How do you see the metaverse? And what are your plans to bring massican into it?
I think people are afraid of the metaverse. They think it’s about wearing goggles and having some weird Mark Zuckerberg experience. But it isn’t like that.
If you visit the Bar Massican metaverse, it will give you the vibe of being in an antiquated European bar, stylistically. And you can hang out there, meet your friends — you’re transporting your mind there and not your physical being.
People ask, “How do you drink wine in the metaverse?” The same way you drink wine in a virtual zoom tasting — you sit in front of your computer and drink wine. Only now you’re seeing yourself in an actual bar as opposed to watching yourself in a box.

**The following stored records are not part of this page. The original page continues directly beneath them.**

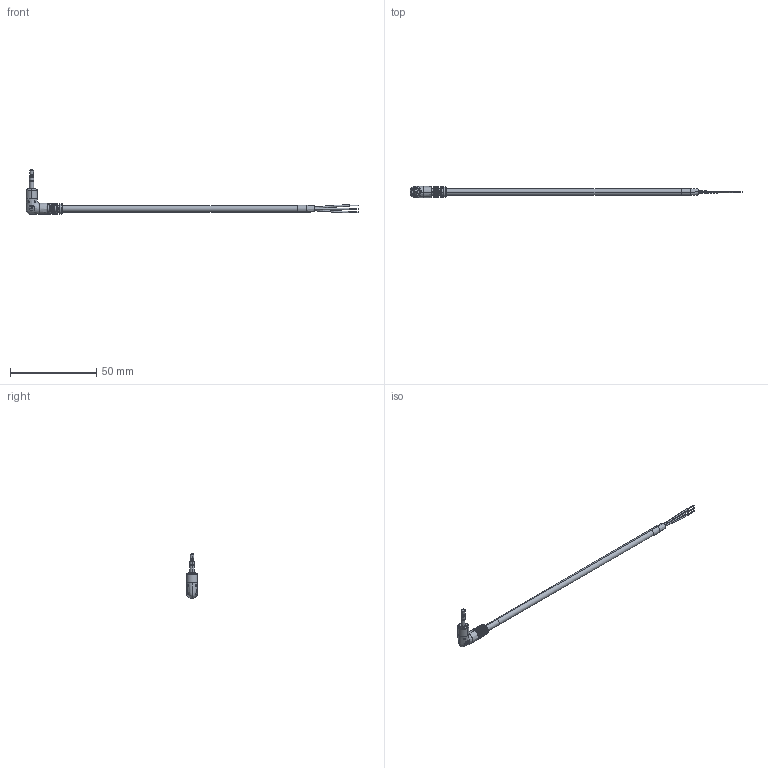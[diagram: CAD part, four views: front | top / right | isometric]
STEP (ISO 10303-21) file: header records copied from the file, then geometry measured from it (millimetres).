
FILE_DESCRIPTION (( 'STEP AP203' ), '1' );
FILE_NAME ('10-02142_revA2.STEP', '2017-05-22T16:32:33', ( '' ), ( '' ), 'SwSTEP 2.0', 'SolidWorks 2015', '' );
FILE_SCHEMA (( 'CONFIG_CONTROL_DESIGN' ));
Length unit declared in the file: millimetre
Products named in the file (4): 24-00085; 30-00177_s + t; 10-02142_revA2; 50-00400
Assembly tree (3 placements, depth 2):
  10-02142_revA2
    30-00177_s + t
    24-00085
    50-00400
Bounding box: 192.5 x 6.5 x 26 mm (x, y, z)
Volume: 2850.5 mm3; surface area: 15194 mm2
Topology: 93 solids, 93 shells, 832 faces, 1794 edges, 1143 vertices
Faces by surface type: cylinder 369, plane 253, bspline 164, torus 26, cone 20
Entity records: 29705 total; most frequent: CARTESIAN_POINT 11923, ORIENTED_EDGE 3524, DIRECTION 3516, EDGE_CURVE 1762, AXIS2_PLACEMENT_3D 1544, VERTEX_POINT 1143, EDGE_LOOP 985, CIRCLE 870
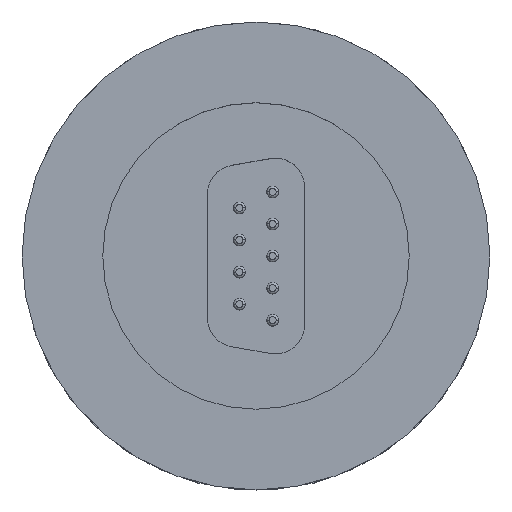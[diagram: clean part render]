
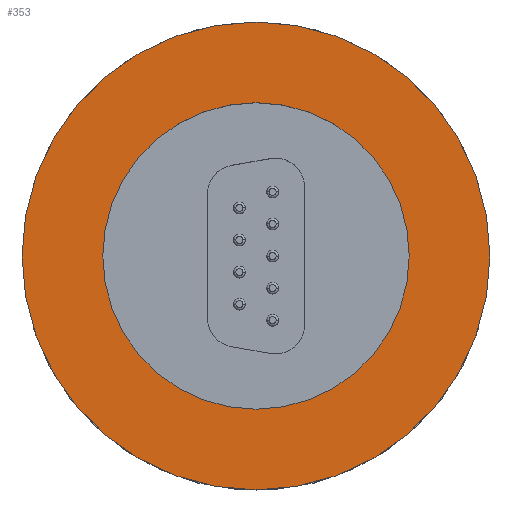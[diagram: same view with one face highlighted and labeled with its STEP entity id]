
A CAD part, top view. The second image highlights one B-rep face of the part: STEP entity #353.
In plain terms, the highlighted planar face has unit normal (0, 0, 1).
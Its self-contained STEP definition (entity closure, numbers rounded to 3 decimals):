
#353=ADVANCED_FACE('',(#784,#785),#786,.T.);
#784=FACE_BOUND('',#1304,.T.);
#785=FACE_OUTER_BOUND('',#1305,.T.);
#786=PLANE('',#1306);
#1304=EDGE_LOOP('',(#2251,#2252));
#1305=EDGE_LOOP('',(#2253,#2254));
#1306=AXIS2_PLACEMENT_3D('',#2255,#2256,#2257);
#2251=ORIENTED_EDGE('',*,*,#3274,.T.);
#2252=ORIENTED_EDGE('',*,*,#3275,.T.);
#2253=ORIENTED_EDGE('',*,*,#3276,.F.);
#2254=ORIENTED_EDGE('',*,*,#3277,.F.);
#2255=CARTESIAN_POINT('',(148.5,105.0,9.5));
#2256=DIRECTION('',(0.0,0.0,1.0));
#2257=DIRECTION('',(1.0,0.,0.0));
#3274=EDGE_CURVE('',#3987,#3988,#3989,.T.);
#3275=EDGE_CURVE('',#3988,#3987,#3990,.T.);
#3276=EDGE_CURVE('',#3991,#3992,#3993,.T.);
#3277=EDGE_CURVE('',#3992,#3991,#3994,.T.);
#3987=VERTEX_POINT('',#4818);
#3988=VERTEX_POINT('',#4819);
#3989=CIRCLE('',#4820,13.1);
#3990=CIRCLE('',#4821,13.1);
#3991=VERTEX_POINT('',#4822);
#3992=VERTEX_POINT('',#4823);
#3993=CIRCLE('',#4824,20.0);
#3994=CIRCLE('',#4825,20.0);
#4818=CARTESIAN_POINT('',(135.4,105.,9.5));
#4819=CARTESIAN_POINT('',(161.6,105.,9.5));
#4820=AXIS2_PLACEMENT_3D('',#5655,#5656,#5657);
#4821=AXIS2_PLACEMENT_3D('',#5658,#5659,#5660);
#4822=CARTESIAN_POINT('',(168.5,105.0,9.5));
#4823=CARTESIAN_POINT('',(128.5,105.0,9.5));
#4824=AXIS2_PLACEMENT_3D('',#5661,#5662,#5663);
#4825=AXIS2_PLACEMENT_3D('',#5664,#5665,#5666);
#5655=CARTESIAN_POINT('',(148.5,105.,9.5));
#5656=DIRECTION('',(0.0,0.0,-1.0));
#5657=DIRECTION('',(-1.0,0.,0.0));
#5658=CARTESIAN_POINT('',(148.5,105.,9.5));
#5659=DIRECTION('',(0.0,0.0,-1.0));
#5660=DIRECTION('',(-1.0,0.,0.0));
#5661=CARTESIAN_POINT('',(148.5,105.0,9.5));
#5662=DIRECTION('',(0.0,0.0,-1.0));
#5663=DIRECTION('',(1.0,0.0,0.0));
#5664=CARTESIAN_POINT('',(148.5,105.0,9.5));
#5665=DIRECTION('',(0.0,0.0,-1.0));
#5666=DIRECTION('',(1.0,0.0,0.0));
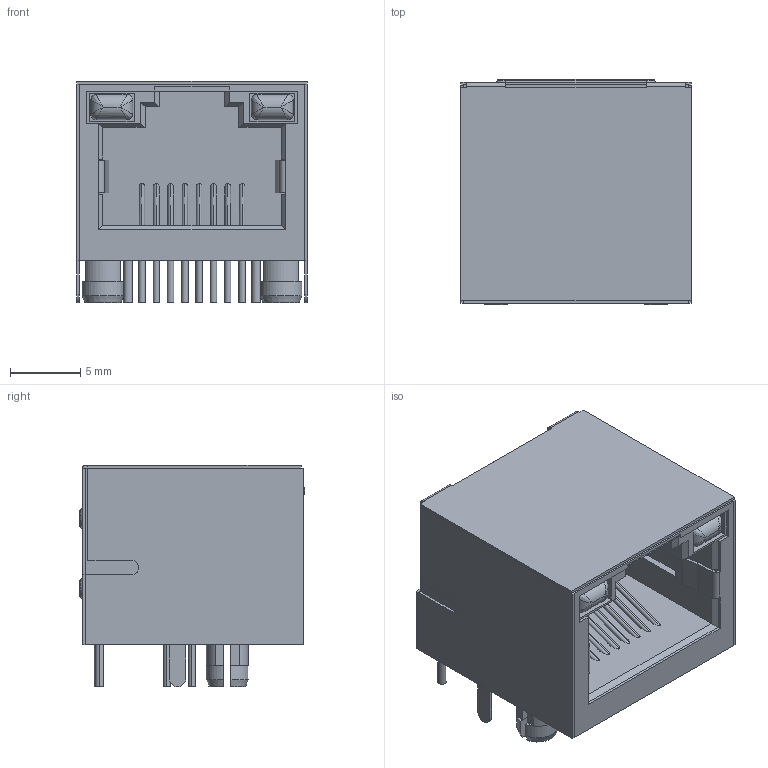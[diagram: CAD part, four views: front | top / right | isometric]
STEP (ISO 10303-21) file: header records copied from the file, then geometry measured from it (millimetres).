
FILE_DESCRIPTION (( 'STEP AP214' ), '1' );
FILE_NAME ('RJ45R08P-C000.STEP', '2022-10-21T01:06:39', ( '' ), ( '' ), 'SwSTEP 2.0', 'SolidWorks 2019', '' );
FILE_SCHEMA (( 'AUTOMOTIVE_DESIGN' ));
Length unit declared in the file: millimetre
Products named in the file (1): RJ45R08P-C000
Bounding box: 16.45 x 16.05 x 15.8 mm (x, y, z)
Volume: 2160.9 mm3; surface area: 3908.3 mm2
Topology: 25 solids, 25 shells, 345 faces, 760 edges, 466 vertices
Faces by surface type: plane 233, cylinder 92, bspline 8, torus 8, cone 4
Entity records: 11058 total; most frequent: CARTESIAN_POINT 2208, DIRECTION 1524, ORIENTED_EDGE 1504, EDGE_CURVE 752, LINE 544, VECTOR 544, AXIS2_PLACEMENT_3D 490, VERTEX_POINT 466
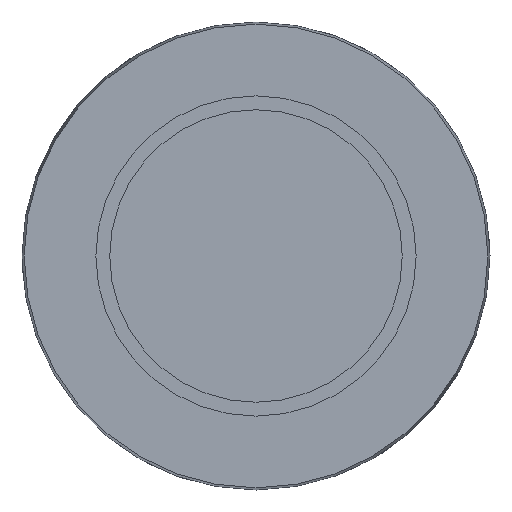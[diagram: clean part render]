
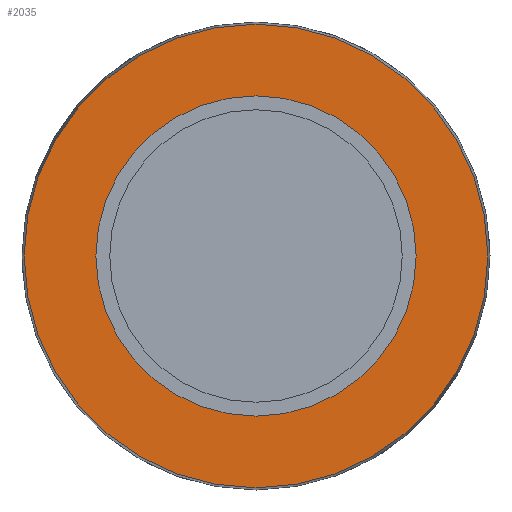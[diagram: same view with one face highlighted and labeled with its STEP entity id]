
A CAD part, front view. The second image highlights one B-rep face of the part: STEP entity #2035.
In plain terms, the highlighted planar face has unit normal (0, -1, 0).
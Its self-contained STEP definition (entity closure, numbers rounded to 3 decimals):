
#1780=CARTESIAN_POINT('',(-15.85,-22.5,0.0));
#1781=VERTEX_POINT('',#1780);
#1782=CARTESIAN_POINT('',(0.0,-22.5,0.0));
#1783=DIRECTION('',(0.0,1.0,0.0));
#1784=DIRECTION('',(-1.0,0.0,0.0));
#1785=AXIS2_PLACEMENT_3D('',#1782,#1783,#1784);
#1786=CIRCLE('',#1785,15.85);
#1787=EDGE_CURVE('',#1781,#1781,#1786,.T.);
#2009=CARTESIAN_POINT('',(-10.95,-22.5,0.0));
#2010=VERTEX_POINT('',#2009);
#2011=CARTESIAN_POINT('',(0.0,-22.5,0.0));
#2012=DIRECTION('',(0.0,1.0,0.0));
#2013=DIRECTION('',(-1.0,0.0,0.0));
#2014=AXIS2_PLACEMENT_3D('',#2011,#2012,#2013);
#2015=CIRCLE('',#2014,10.95);
#2016=EDGE_CURVE('',#2010,#2010,#2015,.T.);
#2024=CARTESIAN_POINT('',(-13.4,-22.5,0.0));
#2025=DIRECTION('',(0.0,-1.0,0.0));
#2026=DIRECTION('',(0.0,0.0,-1.0));
#2027=AXIS2_PLACEMENT_3D('',#2024,#2025,#2026);
#2028=PLANE('',#2027);
#2029=ORIENTED_EDGE('',*,*,#1787,.F.);
#2030=EDGE_LOOP('',(#2029));
#2031=FACE_OUTER_BOUND('',#2030,.T.);
#2032=ORIENTED_EDGE('',*,*,#2016,.T.);
#2033=EDGE_LOOP('',(#2032));
#2034=FACE_BOUND('',#2033,.T.);
#2035=ADVANCED_FACE('',(#2031,#2034),#2028,.T.);
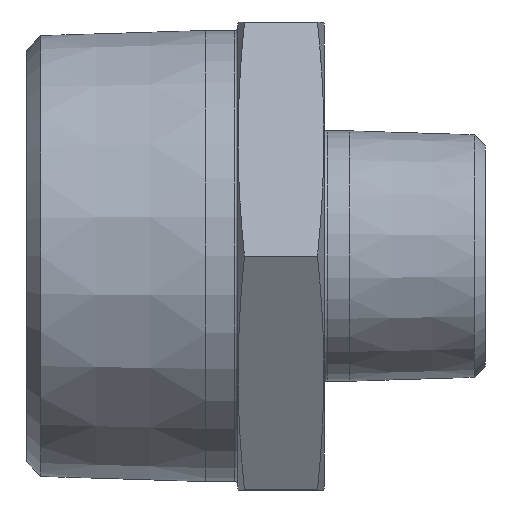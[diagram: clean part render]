
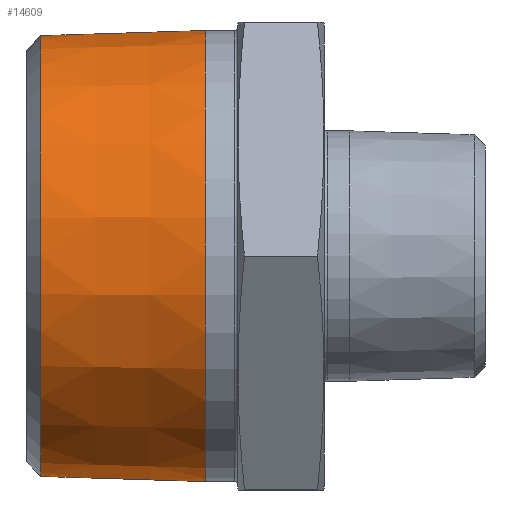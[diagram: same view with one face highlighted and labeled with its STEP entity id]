
A CAD part, front view. The second image highlights one B-rep face of the part: STEP entity #14609.
In plain terms, the highlighted conical face has half-angle 1.79 degrees and reference radius 23.901 mm.
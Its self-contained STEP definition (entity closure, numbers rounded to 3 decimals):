
#624 = EDGE_LOOP ( 'NONE', ( #15831 ) ) ;
#1248 = CIRCLE ( 'NONE', #3443, 24.101 ) ;
#1650 = DIRECTION ( 'NONE',  ( 1., 0., 0. ) ) ;
#2377 = FACE_BOUND ( 'NONE', #624, .T. ) ;
#3443 = AXIS2_PLACEMENT_3D ( 'NONE', #7497, #10633, #12804 ) ;
#3529 = CARTESIAN_POINT ( 'NONE',  ( 19.1, 0., 24.101 ) ) ;
#3617 = CARTESIAN_POINT ( 'NONE',  ( 1.478, 0., 23.551 ) ) ;
#4041 = CARTESIAN_POINT ( 'NONE',  ( 12.7, 0., 0. ) ) ;
#6902 = DIRECTION ( 'NONE',  ( 0., 0., 1. ) ) ;
#7299 = AXIS2_PLACEMENT_3D ( 'NONE', #4041, #12943, #7999 ) ;
#7497 = CARTESIAN_POINT ( 'NONE',  ( 19.1, 0., 0. ) ) ;
#7643 = FACE_OUTER_BOUND ( 'NONE', #16224, .T. ) ;
#7775 = AXIS2_PLACEMENT_3D ( 'NONE', #8206, #1650, #6902 ) ;
#7999 = DIRECTION ( 'NONE',  ( 0., 0., -1. ) ) ;
#8206 = CARTESIAN_POINT ( 'NONE',  ( 1.478, 0., 0. ) ) ;
#8632 = VERTEX_POINT ( 'NONE', #3617 ) ;
#10030 = VERTEX_POINT ( 'NONE', #3529 ) ;
#10633 = DIRECTION ( 'NONE',  ( -1., 0., 0. ) ) ;
#11603 = EDGE_CURVE ( 'NONE', #8632, #8632, #13863, .T. ) ;
#12046 = CONICAL_SURFACE ( 'NONE', #7299, 23.901, 0.031 ) ;
#12804 = DIRECTION ( 'NONE',  ( 0., 0., 1. ) ) ;
#12943 = DIRECTION ( 'NONE',  ( 1., 0., 0. ) ) ;
#13863 = CIRCLE ( 'NONE', #7775, 23.551 ) ;
#14364 = EDGE_CURVE ( 'NONE', #10030, #10030, #1248, .T. ) ;
#14609 = ADVANCED_FACE ( 'NONE', ( #2377, #7643 ), #12046, .T. ) ;
#15831 = ORIENTED_EDGE ( 'NONE', *, *, #11603, .T. ) ;
#15980 = ORIENTED_EDGE ( 'NONE', *, *, #14364, .T. ) ;
#16224 = EDGE_LOOP ( 'NONE', ( #15980 ) ) ;
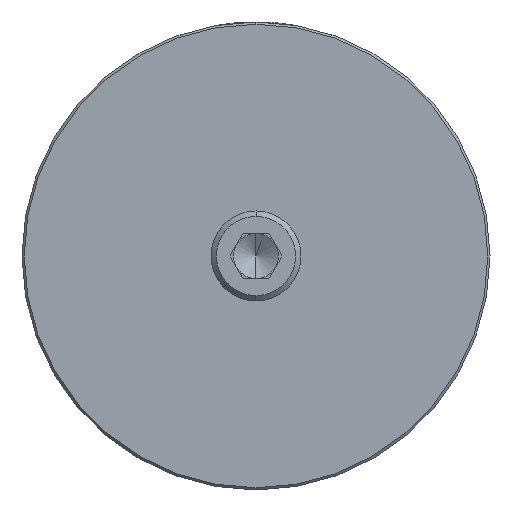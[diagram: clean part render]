
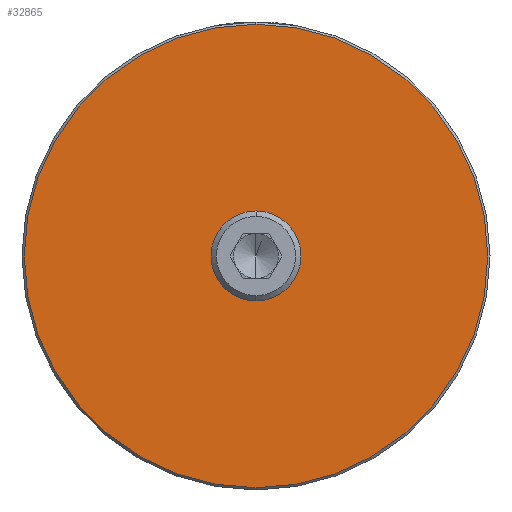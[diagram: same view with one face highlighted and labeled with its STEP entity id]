
A CAD part, front view. The second image highlights one B-rep face of the part: STEP entity #32865.
In plain terms, the highlighted face is planar.
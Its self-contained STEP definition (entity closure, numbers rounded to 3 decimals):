
#391 = DIRECTION ( 'NONE',  ( 0., 0., 1. ) ) ;
#506 = CIRCLE ( 'NONE', #22894, 25.75 ) ;
#1452 = CARTESIAN_POINT ( 'NONE',  ( 0., 30., 25.75 ) ) ;
#2115 = DIRECTION ( 'NONE',  ( 0., 0., 1. ) ) ;
#3231 = PLANE ( 'NONE',  #20675 ) ;
#3684 = CARTESIAN_POINT ( 'NONE',  ( 0., 30., 0. ) ) ;
#6062 = AXIS2_PLACEMENT_3D ( 'NONE', #33367, #7138, #2115 ) ;
#6110 = VERTEX_POINT ( 'NONE', #13699 ) ;
#6238 = CARTESIAN_POINT ( 'NONE',  ( 0., 30., -25.75 ) ) ;
#7138 = DIRECTION ( 'NONE',  ( 0., -1., 0. ) ) ;
#8240 = DIRECTION ( 'NONE',  ( 0., 0., 1. ) ) ;
#8750 = EDGE_LOOP ( 'NONE', ( #15072, #31230 ) ) ;
#9060 = DIRECTION ( 'NONE',  ( 0., 0., 1. ) ) ;
#9614 = VERTEX_POINT ( 'NONE', #1452 ) ;
#10958 = CARTESIAN_POINT ( 'NONE',  ( 0., 30., 0. ) ) ;
#11656 = DIRECTION ( 'NONE',  ( 0., 1., 0. ) ) ;
#12524 = EDGE_CURVE ( 'NONE', #6110, #29957, #23761, .T. ) ;
#13021 = EDGE_CURVE ( 'NONE', #9614, #25733, #506, .T. ) ;
#13147 = DIRECTION ( 'NONE',  ( 0., -1., 0. ) ) ;
#13239 = DIRECTION ( 'NONE',  ( 0., 1., 0. ) ) ;
#13699 = CARTESIAN_POINT ( 'NONE',  ( 0., 30., -4.75 ) ) ;
#15072 = ORIENTED_EDGE ( 'NONE', *, *, #15218, .T. ) ;
#15218 = EDGE_CURVE ( 'NONE', #29957, #6110, #15911, .T. ) ;
#15911 = CIRCLE ( 'NONE', #22692, 4.75 ) ;
#20675 = AXIS2_PLACEMENT_3D ( 'NONE', #21349, #13239, #391 ) ;
#21256 = EDGE_LOOP ( 'NONE', ( #27224, #27169 ) ) ;
#21349 = CARTESIAN_POINT ( 'NONE',  ( 0., 30., 0. ) ) ;
#22180 = AXIS2_PLACEMENT_3D ( 'NONE', #10958, #29414, #8240 ) ;
#22617 = FACE_BOUND ( 'NONE', #8750, .T. ) ;
#22692 = AXIS2_PLACEMENT_3D ( 'NONE', #31531, #13147, #28683 ) ;
#22894 = AXIS2_PLACEMENT_3D ( 'NONE', #3684, #11656, #9060 ) ;
#23761 = CIRCLE ( 'NONE', #6062, 4.75 ) ;
#25733 = VERTEX_POINT ( 'NONE', #6238 ) ;
#27169 = ORIENTED_EDGE ( 'NONE', *, *, #13021, .T. ) ;
#27224 = ORIENTED_EDGE ( 'NONE', *, *, #29369, .T. ) ;
#28683 = DIRECTION ( 'NONE',  ( 0., 0., 1. ) ) ;
#29159 = FACE_OUTER_BOUND ( 'NONE', #21256, .T. ) ;
#29217 = CIRCLE ( 'NONE', #22180, 25.75 ) ;
#29369 = EDGE_CURVE ( 'NONE', #25733, #9614, #29217, .T. ) ;
#29414 = DIRECTION ( 'NONE',  ( 0., 1., 0. ) ) ;
#29957 = VERTEX_POINT ( 'NONE', #30158 ) ;
#30158 = CARTESIAN_POINT ( 'NONE',  ( 0., 30., 4.75 ) ) ;
#31230 = ORIENTED_EDGE ( 'NONE', *, *, #12524, .T. ) ;
#31531 = CARTESIAN_POINT ( 'NONE',  ( 0., 30., 0. ) ) ;
#32865 = ADVANCED_FACE ( 'NONE', ( #29159, #22617 ), #3231, .T. ) ;
#33367 = CARTESIAN_POINT ( 'NONE',  ( 0., 30., 0. ) ) ;
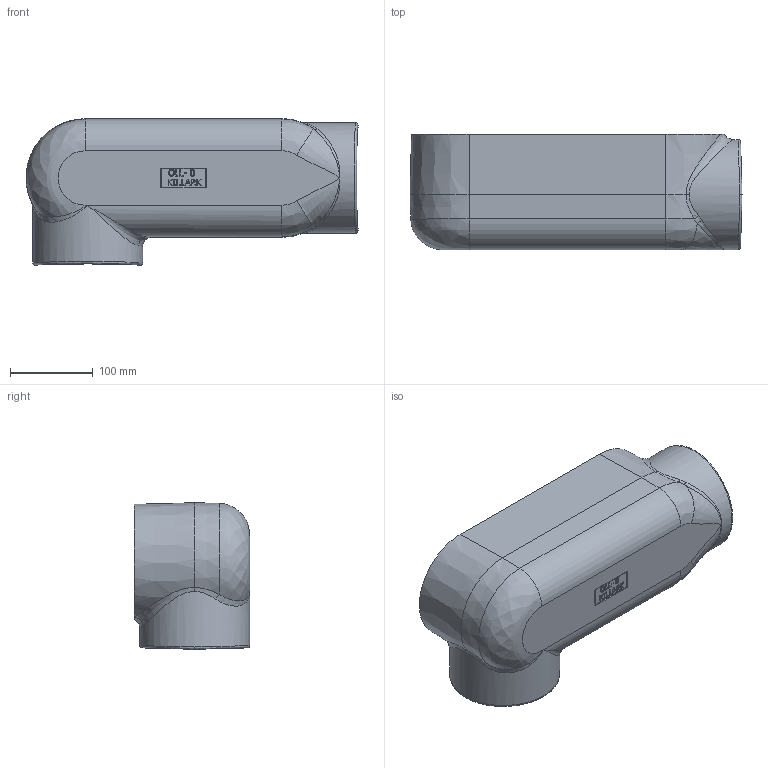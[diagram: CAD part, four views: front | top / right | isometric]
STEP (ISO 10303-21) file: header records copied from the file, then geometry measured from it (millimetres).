
FILE_DESCRIPTION(/* description */ (''),/* implementation_level */ '2;1');
FILE_NAME(/* name */ 'KIL_OLL-0.stp',/* time_stamp */ '2019-12-23T21:56:47+05:00',/* author */ ('kr'),/* organization */ (''),/* preprocessor_version */ 'ST-DEVELOPER v16.13',/* originating_system */ 'Autodesk Inventor 2018',/* authorisation */ '');
FILE_SCHEMA (('AUTOMOTIVE_DESIGN { 1 0 10303 214 3 1 1 }'));
Length unit declared in the file: inch
Products named in the file (1): OLR-0
Bounding box: 402.01 x 139.7 x 177.49 mm (x, y, z)
Volume: 1449653.5 mm3; surface area: 350396.9 mm2
Topology: 1 solids, 1 shells, 860 faces, 2286 edges, 1486 vertices
Faces by surface type: plane 443, bspline 330, cylinder 48, cone 21, torus 16, sphere 2
Full cylindrical faces by diameter (mm): 1.772 x1, 2.115 x1, 6.401 x2, 15.526 x1, 19.05 x1, 133.35 x2
Entity records: 30744 total; most frequent: CARTESIAN_POINT 11468, ORIENTED_EDGE 4510, DIRECTION 2951, EDGE_CURVE 2255, VERTEX_POINT 1479, LINE 1387, VECTOR 1387, EDGE_LOOP 948

I wholeheartedly believe in access to information and people through a visual platform. As a kid, magazines transported me places. To me, the metaverse is no different. It gives you an experience that brings you somewhere else.
Can you describe your marketing strategy? Do you think a lot about your consumer demographic?
When I think about Massican, I don’t think about how old you are. I think about what your alternative options are. How can I make something that’s lighter, brighter, fresher, and at a price point that makes sense for multiple generations interested in wine?
I go back to thinking about how much the wines cost me when I lived in Italy, drinking local wines out of the pitcher on the table that costs three, four euros per half-liter — that is not necessarily the same experience Napa Valley vibes on.
As an industry, we’ve done a bad job educating people. We’ve done a bad job bringing them into the mix.
Massican is an opportunity for an Old World experience that is potentially more nostalgic, inclusive and modern at the same time. It’s about lifestyle, curiosity, adventure and going outside of your comfort zone.